**Materials provided:**
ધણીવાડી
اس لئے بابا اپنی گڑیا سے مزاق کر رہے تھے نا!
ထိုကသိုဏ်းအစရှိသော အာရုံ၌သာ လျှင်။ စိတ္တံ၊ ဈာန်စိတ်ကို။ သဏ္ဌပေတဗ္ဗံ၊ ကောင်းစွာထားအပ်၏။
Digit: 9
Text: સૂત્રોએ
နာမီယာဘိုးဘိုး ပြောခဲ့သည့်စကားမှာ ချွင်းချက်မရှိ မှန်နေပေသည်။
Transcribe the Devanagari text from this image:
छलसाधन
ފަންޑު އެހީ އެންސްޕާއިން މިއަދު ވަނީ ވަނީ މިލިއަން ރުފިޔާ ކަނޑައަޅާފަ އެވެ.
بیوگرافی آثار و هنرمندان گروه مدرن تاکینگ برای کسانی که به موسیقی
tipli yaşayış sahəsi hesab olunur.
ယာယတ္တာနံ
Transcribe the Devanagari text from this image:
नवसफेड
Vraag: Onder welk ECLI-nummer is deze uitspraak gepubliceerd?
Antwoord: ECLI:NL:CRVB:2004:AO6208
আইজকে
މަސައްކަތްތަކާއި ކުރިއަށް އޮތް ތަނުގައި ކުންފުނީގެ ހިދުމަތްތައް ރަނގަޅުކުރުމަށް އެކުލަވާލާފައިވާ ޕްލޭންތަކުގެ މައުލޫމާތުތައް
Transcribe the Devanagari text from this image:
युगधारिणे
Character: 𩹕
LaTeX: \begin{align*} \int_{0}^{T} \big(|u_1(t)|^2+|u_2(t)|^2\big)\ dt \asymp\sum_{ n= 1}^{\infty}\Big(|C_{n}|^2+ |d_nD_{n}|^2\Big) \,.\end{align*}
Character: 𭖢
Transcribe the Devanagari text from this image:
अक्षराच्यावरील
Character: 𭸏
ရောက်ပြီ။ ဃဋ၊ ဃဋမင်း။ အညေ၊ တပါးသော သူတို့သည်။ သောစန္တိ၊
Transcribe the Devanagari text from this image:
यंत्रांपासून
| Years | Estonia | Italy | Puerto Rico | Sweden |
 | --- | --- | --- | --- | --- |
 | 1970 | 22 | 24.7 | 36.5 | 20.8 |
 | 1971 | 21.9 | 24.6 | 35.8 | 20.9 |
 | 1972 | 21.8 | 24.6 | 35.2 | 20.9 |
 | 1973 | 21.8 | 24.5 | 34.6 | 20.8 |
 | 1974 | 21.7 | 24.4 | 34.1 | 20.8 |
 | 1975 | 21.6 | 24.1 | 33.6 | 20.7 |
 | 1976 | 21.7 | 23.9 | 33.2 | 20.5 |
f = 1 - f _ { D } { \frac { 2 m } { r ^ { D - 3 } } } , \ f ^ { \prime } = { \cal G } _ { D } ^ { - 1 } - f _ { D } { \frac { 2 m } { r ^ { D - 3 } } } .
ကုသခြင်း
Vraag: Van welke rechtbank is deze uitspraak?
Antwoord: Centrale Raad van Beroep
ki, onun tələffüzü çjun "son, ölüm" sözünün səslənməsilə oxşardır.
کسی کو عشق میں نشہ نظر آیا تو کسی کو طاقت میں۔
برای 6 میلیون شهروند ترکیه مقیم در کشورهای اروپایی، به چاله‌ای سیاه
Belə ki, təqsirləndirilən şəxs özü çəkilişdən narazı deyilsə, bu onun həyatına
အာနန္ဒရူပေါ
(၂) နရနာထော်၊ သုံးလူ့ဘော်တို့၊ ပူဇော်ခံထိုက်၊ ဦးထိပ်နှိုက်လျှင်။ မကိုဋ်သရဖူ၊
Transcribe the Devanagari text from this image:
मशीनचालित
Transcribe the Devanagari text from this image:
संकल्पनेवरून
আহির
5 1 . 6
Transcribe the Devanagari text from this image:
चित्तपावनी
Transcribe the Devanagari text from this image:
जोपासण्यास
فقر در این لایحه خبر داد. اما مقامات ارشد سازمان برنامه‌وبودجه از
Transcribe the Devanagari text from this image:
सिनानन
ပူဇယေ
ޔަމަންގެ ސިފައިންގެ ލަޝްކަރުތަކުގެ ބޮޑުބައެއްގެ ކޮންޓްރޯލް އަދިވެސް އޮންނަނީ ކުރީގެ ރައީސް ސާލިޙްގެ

**What to produce:** Word for word, please return the lines from the one containing "Antwoord: ECLI:NL:CRVB:2004:AO6208" through the end of the listing, both ends included, and nothing else.

**Worked solution:**
Antwoord: ECLI:NL:CRVB:2004:AO6208
আইজকে
މަސައްކަތްތަކާއި ކުރިއަށް އޮތް ތަނުގައި ކުންފުނީގެ ހިދުމަތްތައް ރަނގަޅުކުރުމަށް އެކުލަވާލާފައިވާ ޕްލޭންތަކުގެ މައުލޫމާތުތައް
Transcribe the Devanagari text from this image:
युगधारिणे
Character: 𩹕
LaTeX: \begin{align*} \int_{0}^{T} \big(|u_1(t)|^2+|u_2(t)|^2\big)\ dt \asymp\sum_{ n= 1}^{\infty}\Big(|C_{n}|^2+ |d_nD_{n}|^2\Big) \,.\end{align*}
Character: 𭖢
Transcribe the Devanagari text from this image:
अक्षराच्यावरील
Character: 𭸏
ရောက်ပြီ။ ဃဋ၊ ဃဋမင်း။ အညေ၊ တပါးသော သူတို့သည်။ သောစန္တိ၊
Transcribe the Devanagari text from this image:
यंत्रांपासून
| Years | Estonia | Italy | Puerto Rico | Sweden |
 | --- | --- | --- | --- | --- |
 | 1970 | 22 | 24.7 | 36.5 | 20.8 |
 | 1971 | 21.9 | 24.6 | 35.8 | 20.9 |
 | 1972 | 21.8 | 24.6 | 35.2 | 20.9 |
 | 1973 | 21.8 | 24.5 | 34.6 | 20.8 |
 | 1974 | 21.7 | 24.4 | 34.1 | 20.8 |
 | 1975 | 21.6 | 24.1 | 33.6 | 20.7 |
 | 1976 | 21.7 | 23.9 | 33.2 | 20.5 |
f = 1 - f _ { D } { \frac { 2 m } { r ^ { D - 3 } } } , \ f ^ { \prime } = { \cal G } _ { D } ^ { - 1 } - f _ { D } { \frac { 2 m } { r ^ { D - 3 } } } .
ကုသခြင်း
Vraag: Van welke rechtbank is deze uitspraak?
Antwoord: Centrale Raad van Beroep
ki, onun tələffüzü çjun "son, ölüm" sözünün səslənməsilə oxşardır.
کسی کو عشق میں نشہ نظر آیا تو کسی کو طاقت میں۔
برای 6 میلیون شهروند ترکیه مقیم در کشورهای اروپایی، به چاله‌ای سیاه
Belə ki, təqsirləndirilən şəxs özü çəkilişdən narazı deyilsə, bu onun həyatına
အာနန္ဒရူပေါ
(၂) နရနာထော်၊ သုံးလူ့ဘော်တို့၊ ပူဇော်ခံထိုက်၊ ဦးထိပ်နှိုက်လျှင်။ မကိုဋ်သရဖူ၊
Transcribe the Devanagari text from this image:
मशीनचालित
Transcribe the Devanagari text from this image:
संकल्पनेवरून
আহির
5 1 . 6
Transcribe the Devanagari text from this image:
चित्तपावनी
Transcribe the Devanagari text from this image:
जोपासण्यास
فقر در این لایحه خبر داد. اما مقامات ارشد سازمان برنامه‌وبودجه از
Transcribe the Devanagari text from this image:
सिनानन
ပူဇယေ
ޔަމަންގެ ސިފައިންގެ ލަޝްކަރުތަކުގެ ބޮޑުބައެއްގެ ކޮންޓްރޯލް އަދިވެސް އޮންނަނީ ކުރީގެ ރައީސް ސާލިޙްގެ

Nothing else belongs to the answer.